Your program should work for all systems that can create any value. (i.e. all systems will have a 1¢ coin)

This is code golf least bytes wins.

Test cases

This list is by no means exhaustive, your program should work for all valid input

1, 3, 4       -> 0
1, 5, 10, 25  -> 1
1, 6, 10, 25  -> 0
1, 2, 3       -> 1
1, 8, 17, 30  -> 0
1, 3, 8, 12   -> 0
1, 2, 8, 13   -> 0
1, 2, 4, 6, 8 -> 1
\$\endgroup\$
4
  • \$\begingroup\$ @Geobits not in every case it means more that the difference growing or equal from the smallest coin to the largest \$\endgroup\$ Commented Oct 13, 2016 at 20:51
  • \$\begingroup\$ @JörgHülsermann That's not really good enough either. [1, 6, 13] has a growing difference, but it still fails on something like 18 (13+1*5 instead of 6*3). \$\endgroup\$
    – Geobits
    Commented Oct 13, 2016 at 20:55
  • 16
    \$\begingroup\$ These are called Canonical Coin Systems. This short paper gives a polynomial-time algorithm for checking whether a coin system is canonical (though a less efficient method might be golfier).
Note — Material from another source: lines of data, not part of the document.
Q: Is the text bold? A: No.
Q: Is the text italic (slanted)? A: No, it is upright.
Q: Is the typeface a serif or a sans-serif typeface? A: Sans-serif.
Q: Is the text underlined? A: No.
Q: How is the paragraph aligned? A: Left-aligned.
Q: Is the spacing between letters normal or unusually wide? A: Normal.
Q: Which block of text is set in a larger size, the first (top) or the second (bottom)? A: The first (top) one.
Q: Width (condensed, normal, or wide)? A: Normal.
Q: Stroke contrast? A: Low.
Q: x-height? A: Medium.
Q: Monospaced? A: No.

An interesting test case is making 37 cents from 25, 9, 4, 1 (from this math.SE post) -- even though each coin is bigger than the sum of the smaller ones, the non-greedy 25, 4, 4, 4 beats the greedy 25, 9, 1, 1, 1. \$\endgroup\$
    – xnor
    Commented Oct 13, 2016 at 23:15
  • 1
    \$\begingroup\$ @xnor Note that 9, 4, 1 -> 4, 4, 4 being better than 9, 1, 1, 1 is a tighter example. \$\endgroup\$
    – isaacg
    Commented Oct 14, 2016 at 1:01

8 Answers 8

9
\$\begingroup\$

Haskell, 94 87 82 bytes

f s=and[j i-2<j(i-x)|let j i=last$0:[1+j(i-x)|x<-s,x<i],i<-[1..2*last s],x<-s,x<i]

this solution works by defining a function j which perform's the cashier's algorithm and tells us how many coins the cashier used. we then check up to twice the biggest number in the list, assuming that the system has been canonical for all previous numbers, that taking the biggest possible coin is the right choice.

this solution assumes the input is sorted.

proof checking up to twice the biggest number is enough: assume that the system is not canonical for some number i, and let k be the biggest number in the list not bigger than i. assume that i >= 2k and the system is canonical for all numbers less than i.

take some optimal way to make i out of coins, and assume it doesn't contain the coin k. if we throw away one of the coins, the new sum of coins must be bigger than k and smaller than i - but the cashier's algorithm on this number would use the k coin - and therefore, this set of coins can be replaced with an equal set of coins containing the coin k, and therefore there is a set of coins containing the coin k for the number i, and by induction the cashier's algorithm returns the optimal choice.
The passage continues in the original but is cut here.